Goal of the exercise — Although the data holds pictures, return only the lines from the one containing "3.4 s is the time since image 1." to the end, exactly, and without them.

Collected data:
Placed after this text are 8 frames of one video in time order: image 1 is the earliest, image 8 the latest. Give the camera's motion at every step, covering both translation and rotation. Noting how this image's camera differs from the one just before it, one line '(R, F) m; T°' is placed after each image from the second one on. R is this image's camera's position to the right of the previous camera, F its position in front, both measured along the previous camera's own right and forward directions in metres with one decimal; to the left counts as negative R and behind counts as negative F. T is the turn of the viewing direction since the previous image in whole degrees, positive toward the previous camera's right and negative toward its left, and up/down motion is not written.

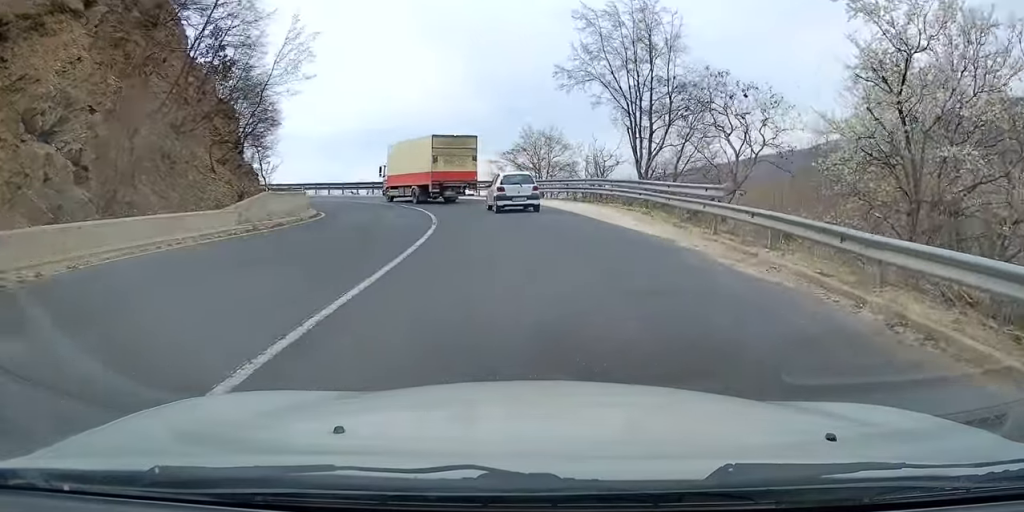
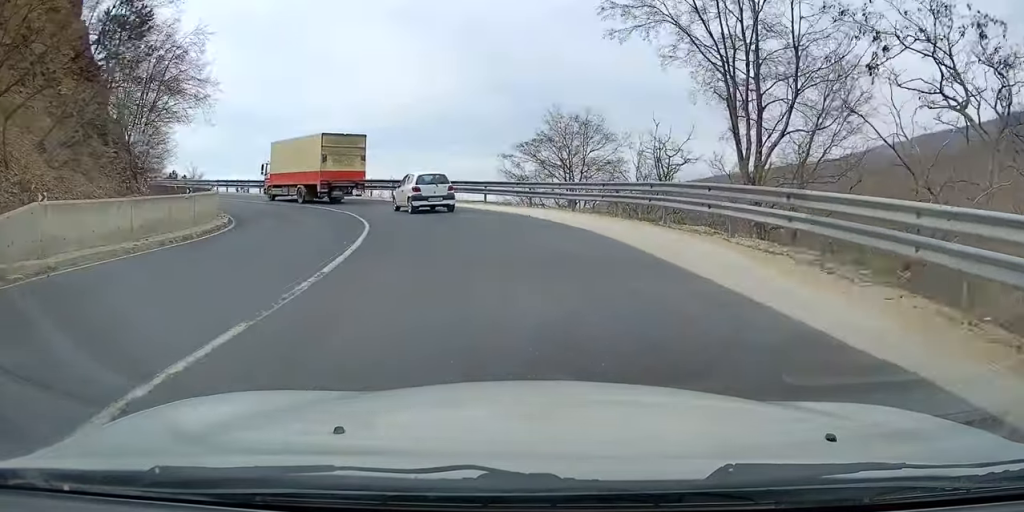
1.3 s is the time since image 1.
(-0.3, +13.0) m; -6°
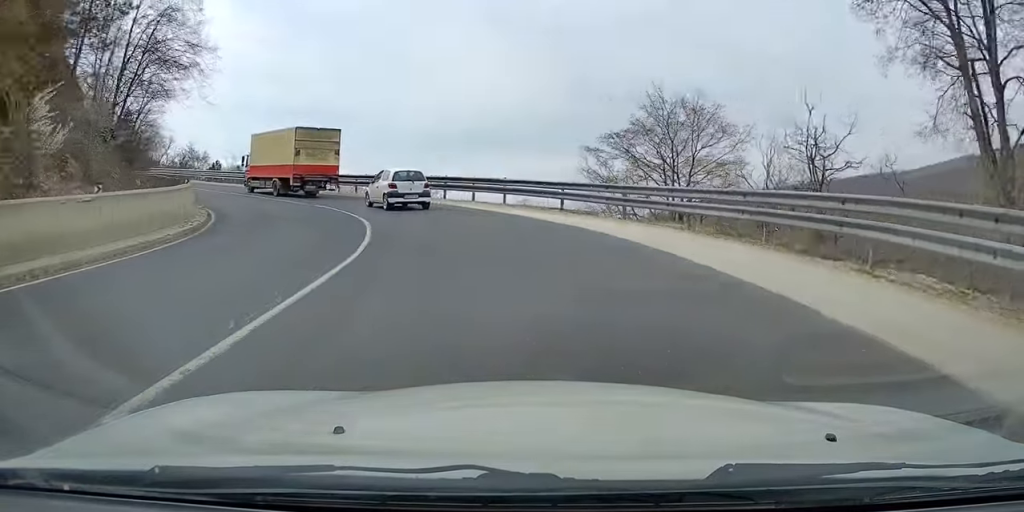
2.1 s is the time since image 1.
(-0.4, +8.0) m; -5°
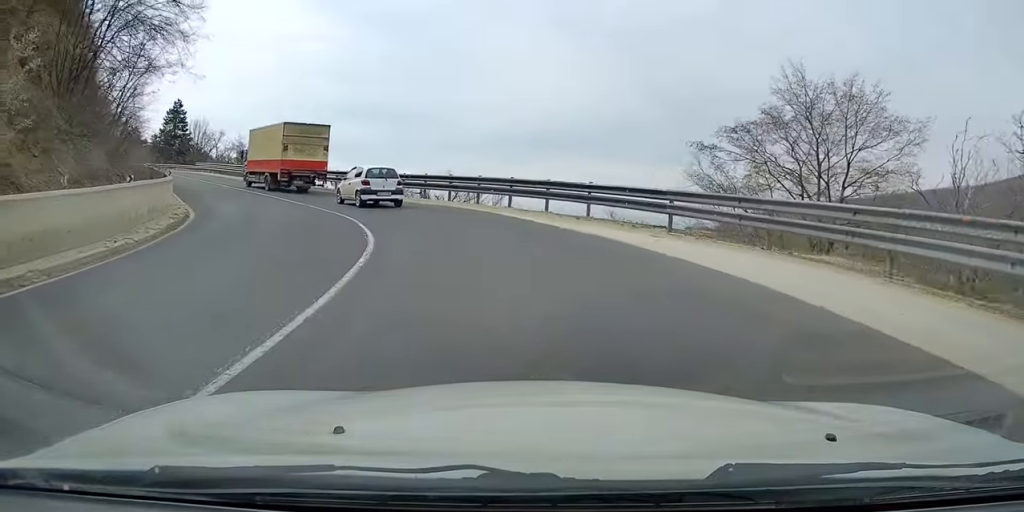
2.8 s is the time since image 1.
(-0.2, +7.0) m; -6°
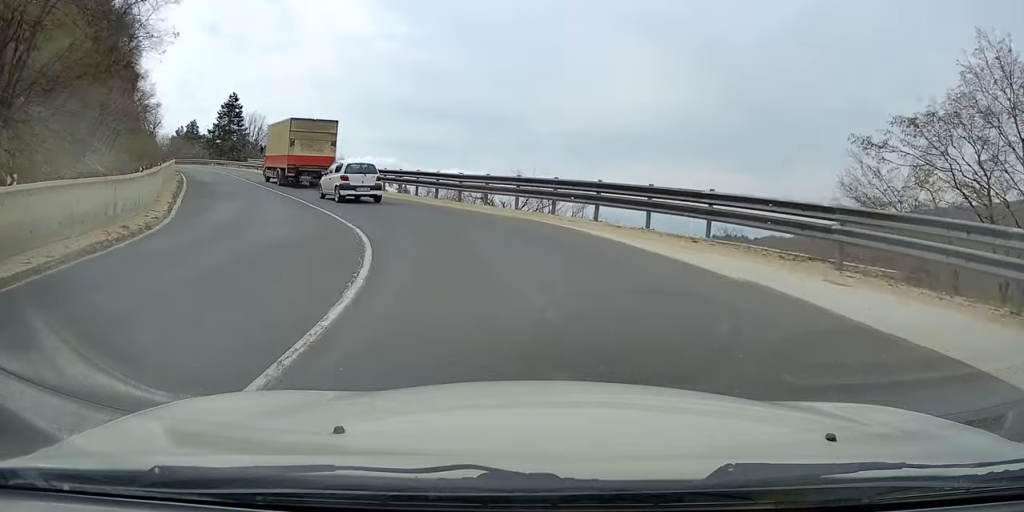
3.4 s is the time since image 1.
(0.0, +6.0) m; -11°
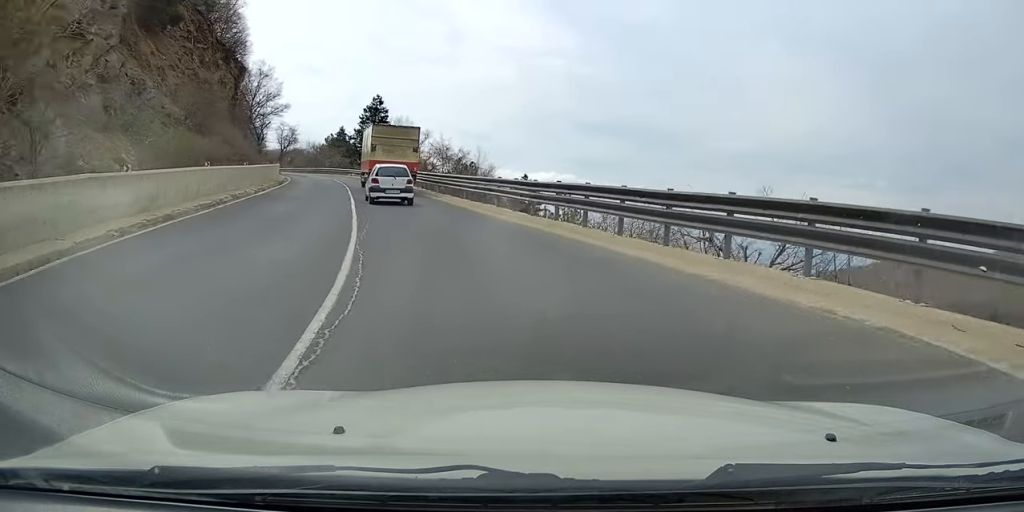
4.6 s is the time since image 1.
(-2.6, +11.5) m; -17°
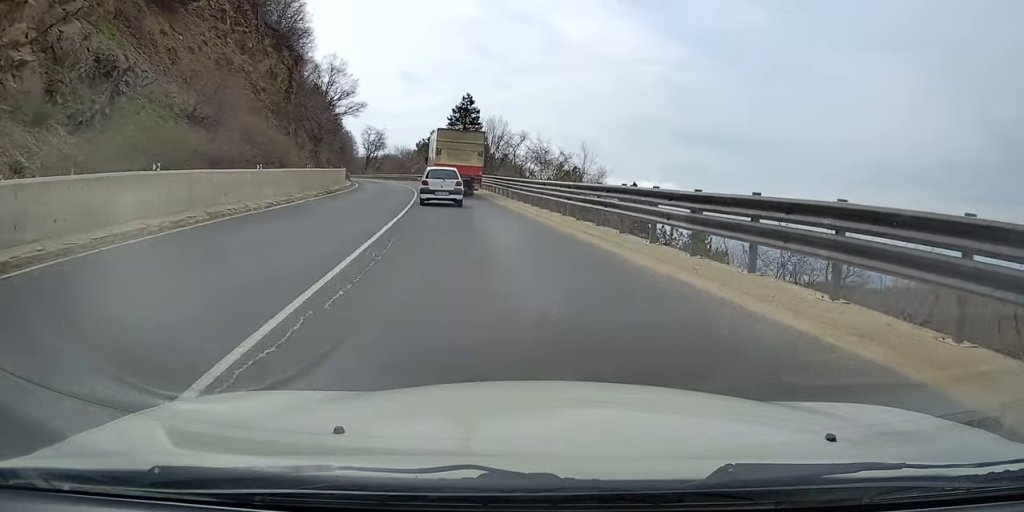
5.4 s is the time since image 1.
(-0.1, +9.3) m; -1°
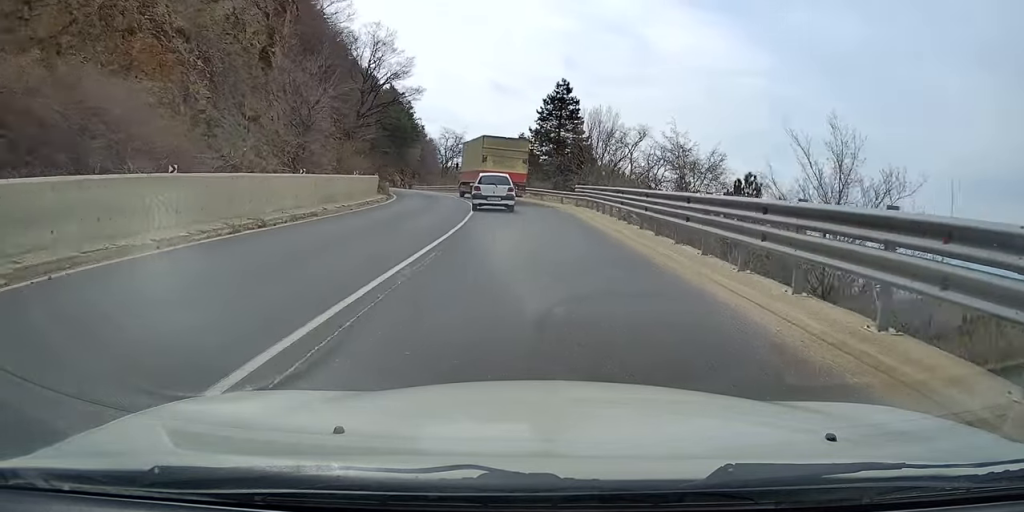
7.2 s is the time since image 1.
(-1.7, +19.4) m; -11°

Exercise response —
3.4 s is the time since image 1.
(0.0, +6.0) m; -11°
4.6 s is the time since image 1.
(-2.6, +11.5) m; -17°
5.4 s is the time since image 1.
(-0.1, +9.3) m; -1°
7.2 s is the time since image 1.
(-1.7, +19.4) m; -11°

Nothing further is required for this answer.